* **What you are asked to do**:
Go through the records below and report each line with "query" in it.

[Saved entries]
<<<<
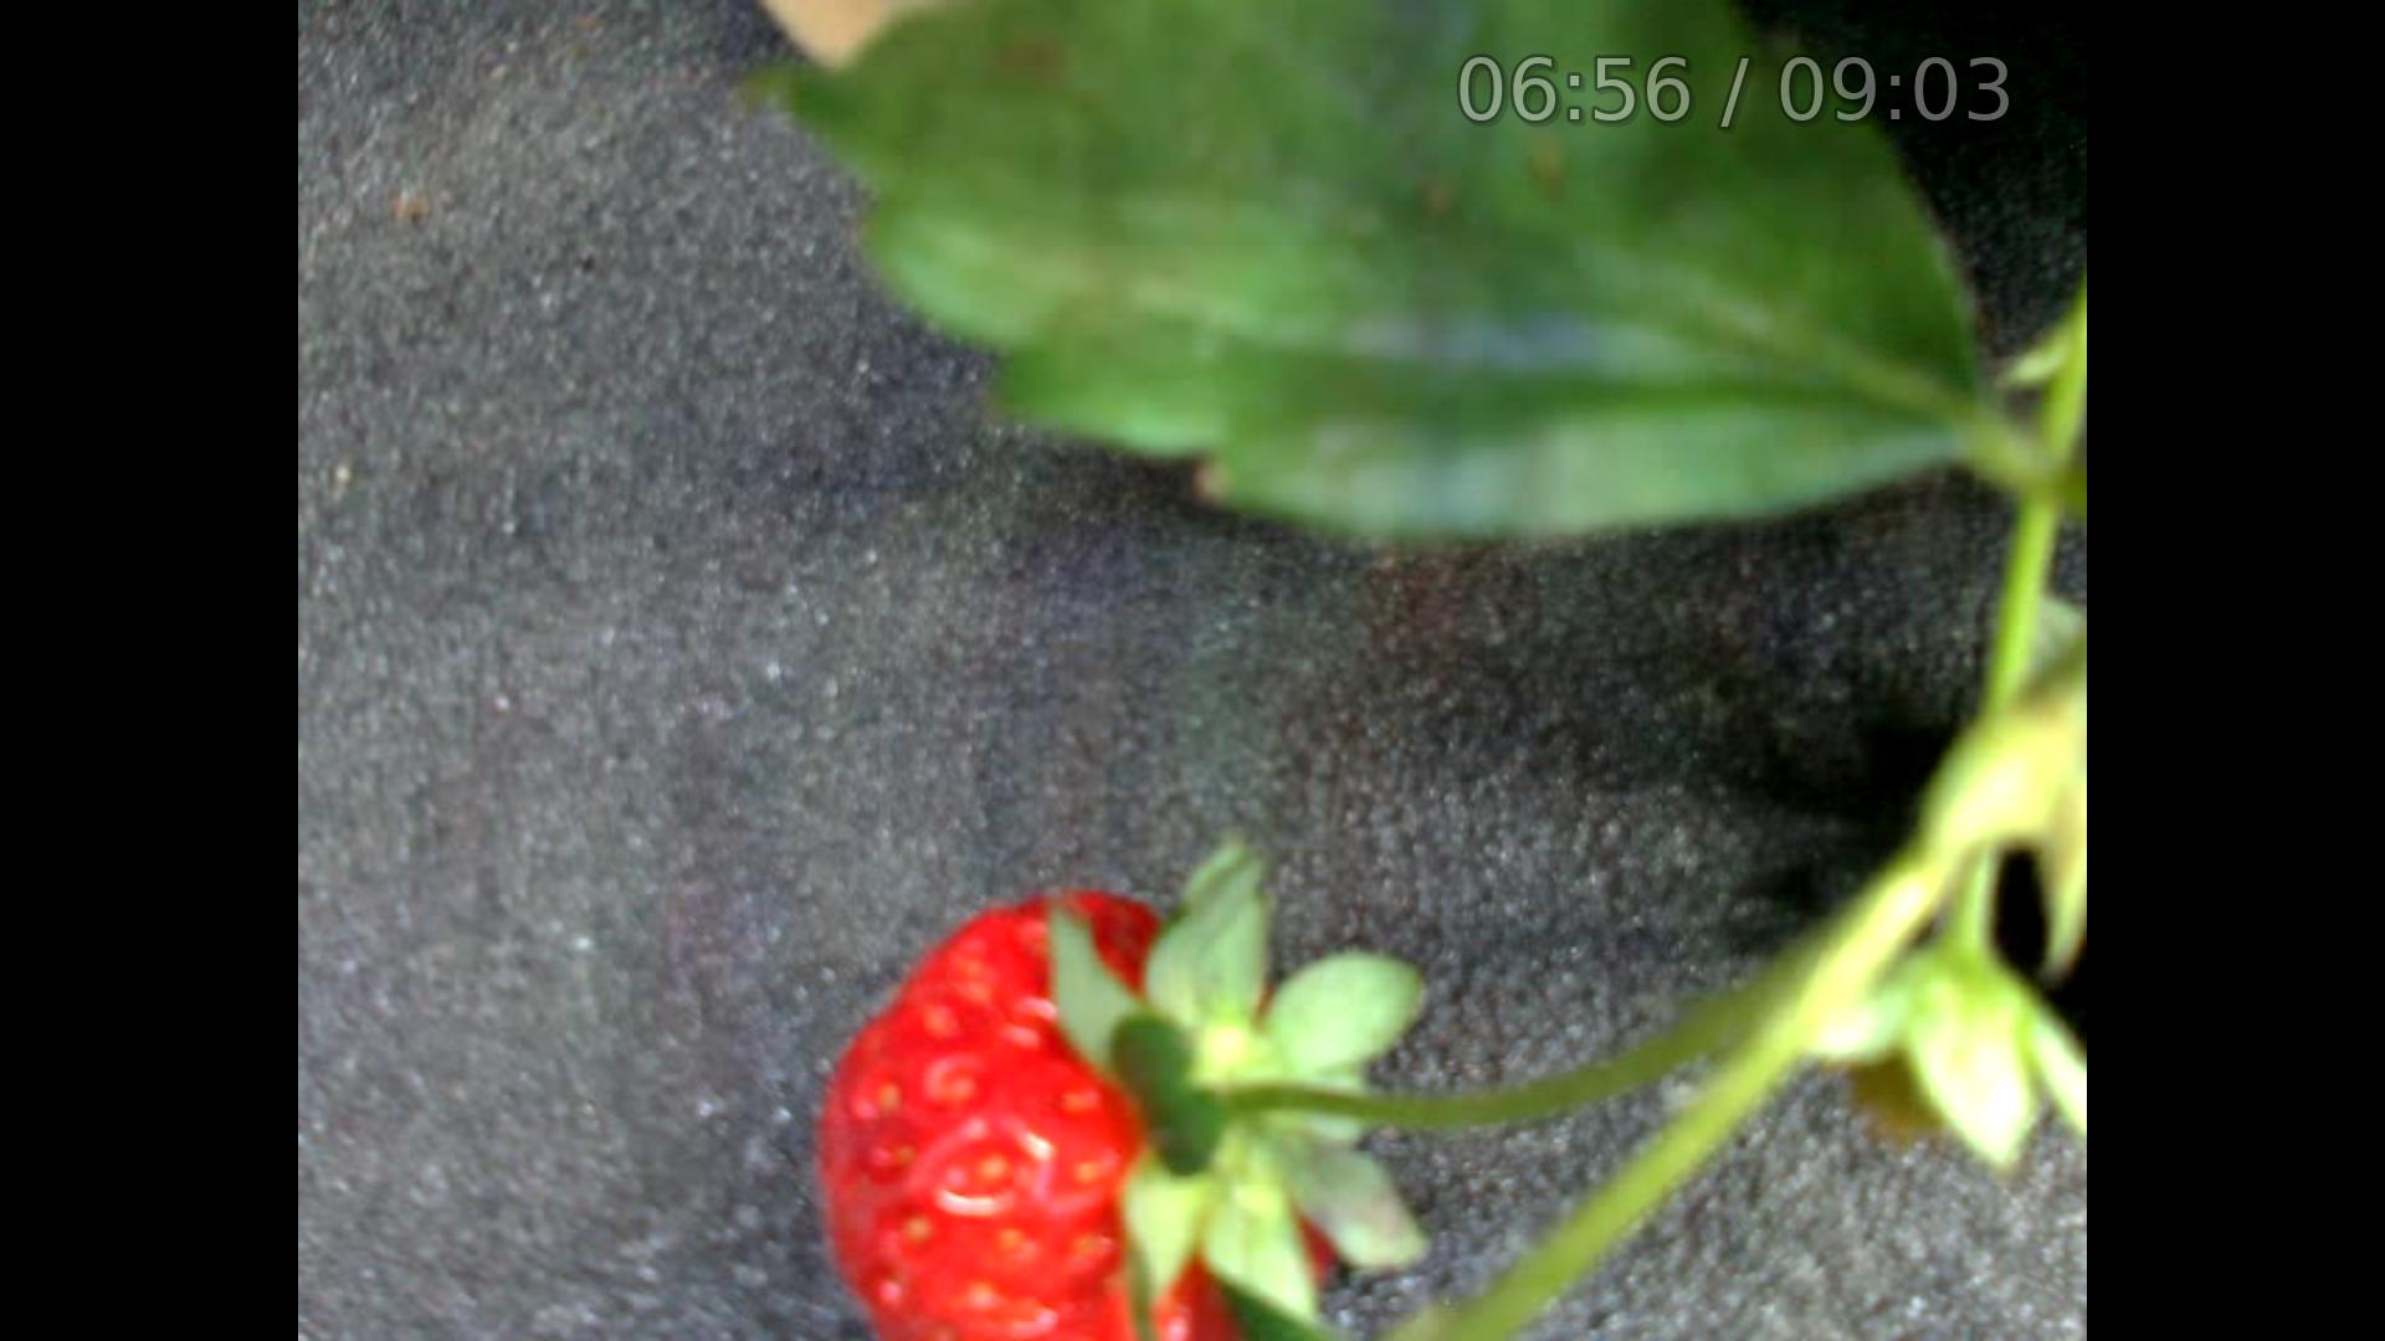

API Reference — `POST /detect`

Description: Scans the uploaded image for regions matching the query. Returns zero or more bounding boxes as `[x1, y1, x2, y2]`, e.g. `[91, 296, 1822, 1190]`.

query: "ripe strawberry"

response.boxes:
[739, 859, 1337, 1341]
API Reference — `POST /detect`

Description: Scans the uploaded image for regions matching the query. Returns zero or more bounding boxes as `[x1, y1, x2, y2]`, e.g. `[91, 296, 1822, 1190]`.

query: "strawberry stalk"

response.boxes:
[1101, 967, 1806, 1154]
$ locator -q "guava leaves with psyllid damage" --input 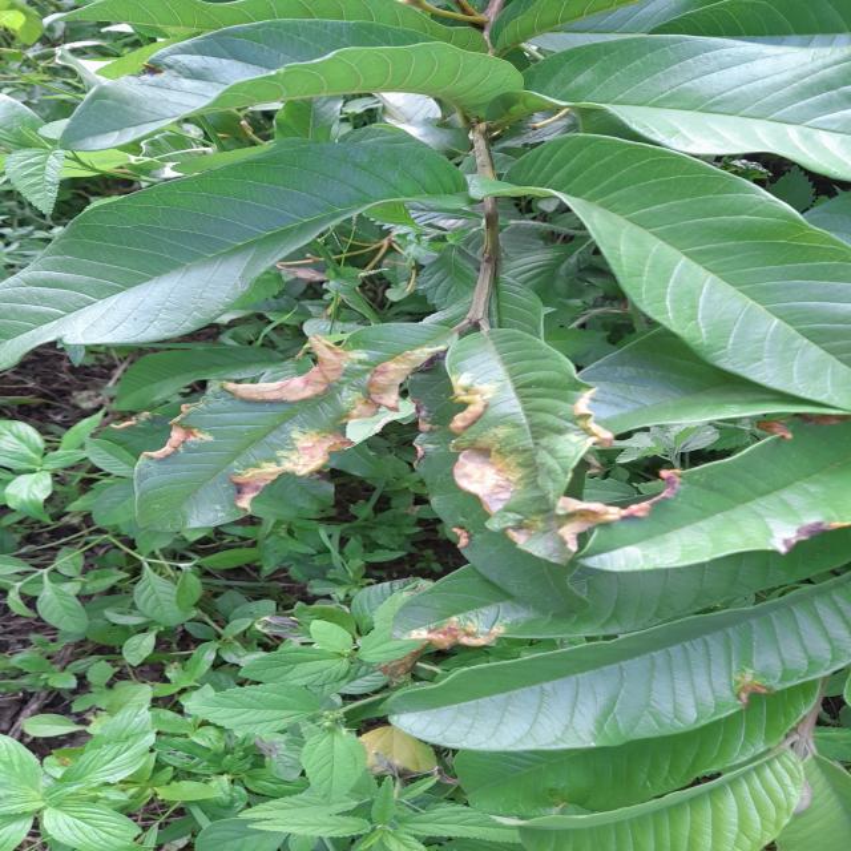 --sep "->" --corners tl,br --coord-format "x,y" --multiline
436,322 -> 636,572
100,295 -> 436,586
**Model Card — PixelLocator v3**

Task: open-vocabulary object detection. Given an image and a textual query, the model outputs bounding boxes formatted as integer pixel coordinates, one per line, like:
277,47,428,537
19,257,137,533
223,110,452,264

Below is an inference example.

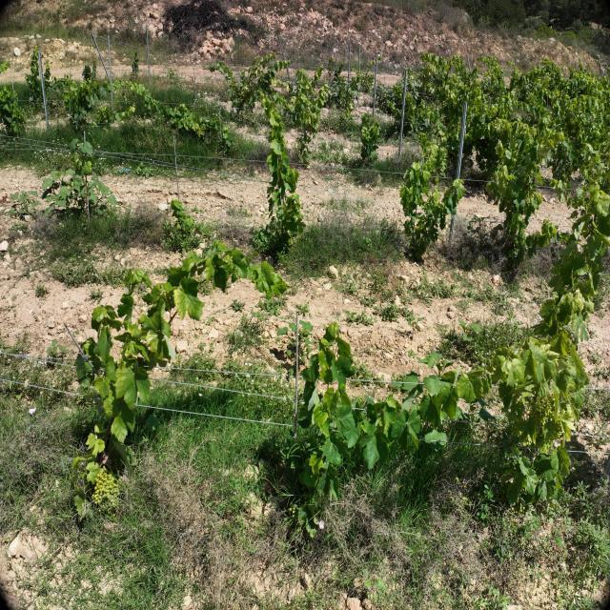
>>>>
* **Answer to this task**:
Description: Scans the uploaded image for regions matching the query. Returns zero or more bounding boxes as `[x1, y1, x2, y2]`, e.g. `[91, 296, 1822, 1190]`.
query: "ripe strawberry"
Description: Scans the uploaded image for regions matching the query. Returns zero or more bounding boxes as `[x1, y1, x2, y2]`, e.g. `[91, 296, 1822, 1190]`.
query: "strawberry stalk"
Task: open-vocabulary object detection. Given an image and a textual query, the model outputs bounding boxes formatted as integer pixel coordinates, one per line, like:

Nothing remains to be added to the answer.